= Task goal =
Exact transcription with no images: write out all of the entries below.

= Data extracted from a collection =
++++

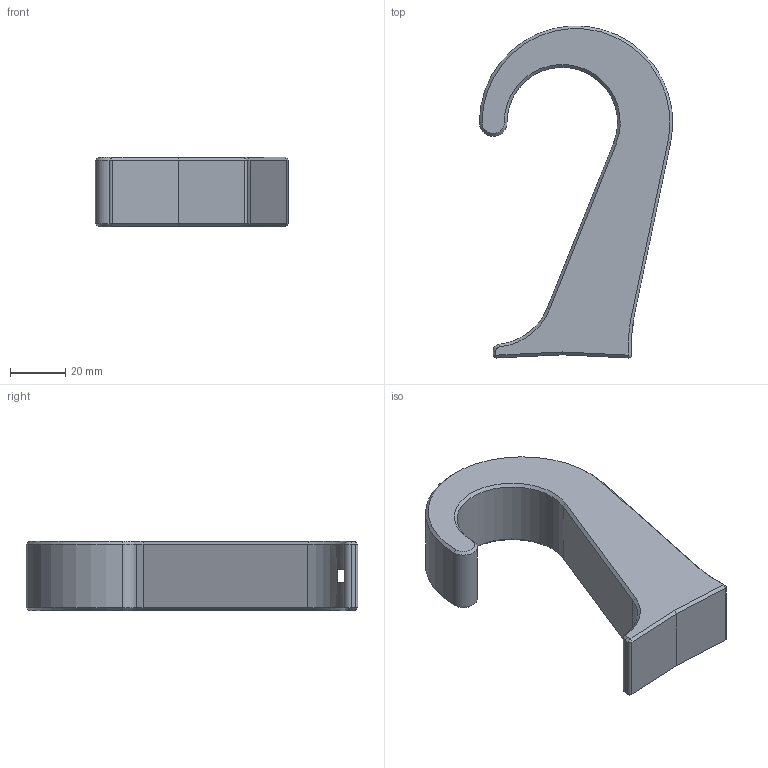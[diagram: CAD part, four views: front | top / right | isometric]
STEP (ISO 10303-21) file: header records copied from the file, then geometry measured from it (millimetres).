
FILE_DESCRIPTION(('FreeCAD Model'),'2;1');
FILE_NAME('Open CASCADE Shape Model','2023-12-05T17:04:10',(''),(''), 'Open CASCADE STEP processor 7.6','FreeCAD','Unknown');
FILE_SCHEMA(('AUTOMOTIVE_DESIGN { 1 0 10303 214 1 1 1 1 }'));
Length unit declared in the file: millimetre
Products named in the file (1): Body
Bounding box: 69.97 x 120.15 x 25 mm (x, y, z)
Volume: 92855.7 mm3; surface area: 18239 mm2
Topology: 1 solids, 1 shells, 49 faces, 117 edges, 68 vertices
Faces by surface type: plane 24, cone 16, cylinder 9
Entity records: 2973 total; most frequent: CARTESIAN_POINT 549, DIRECTION 474, LINE 289, VECTOR 289, ORIENTED_EDGE 234, PCURVE 234, DEFINITIONAL_REPRESENTATION 234, EDGE_CURVE 117

++++

= Output for this exercise =
[diagram: CAD part, four views: front | top / right | isometric]
STEP (ISO 10303-21) file: header records copied from the file, then geometry measured from it (millimetres).
FILE_DESCRIPTION(('FreeCAD Model'),'2;1');
FILE_NAME('Open CASCADE Shape Model','2023-12-05T17:04:10',(''),(''), 'Open CASCADE STEP processor 7.6','FreeCAD','Unknown');
FILE_SCHEMA(('AUTOMOTIVE_DESIGN { 1 0 10303 214 1 1 1 1 }'));
Length unit declared in the file: millimetre
Products named in the file (1): Body
Bounding box: 69.97 x 120.15 x 25 mm (x, y, z)
Volume: 92855.7 mm3; surface area: 18239 mm2
Topology: 1 solids, 1 shells, 49 faces, 117 edges, 68 vertices
Faces by surface type: plane 24, cone 16, cylinder 9
Entity records: 2973 total; most frequent: CARTESIAN_POINT 549, DIRECTION 474, LINE 289, VECTOR 289, ORIENTED_EDGE 234, PCURVE 234, DEFINITIONAL_REPRESENTATION 234, EDGE_CURVE 117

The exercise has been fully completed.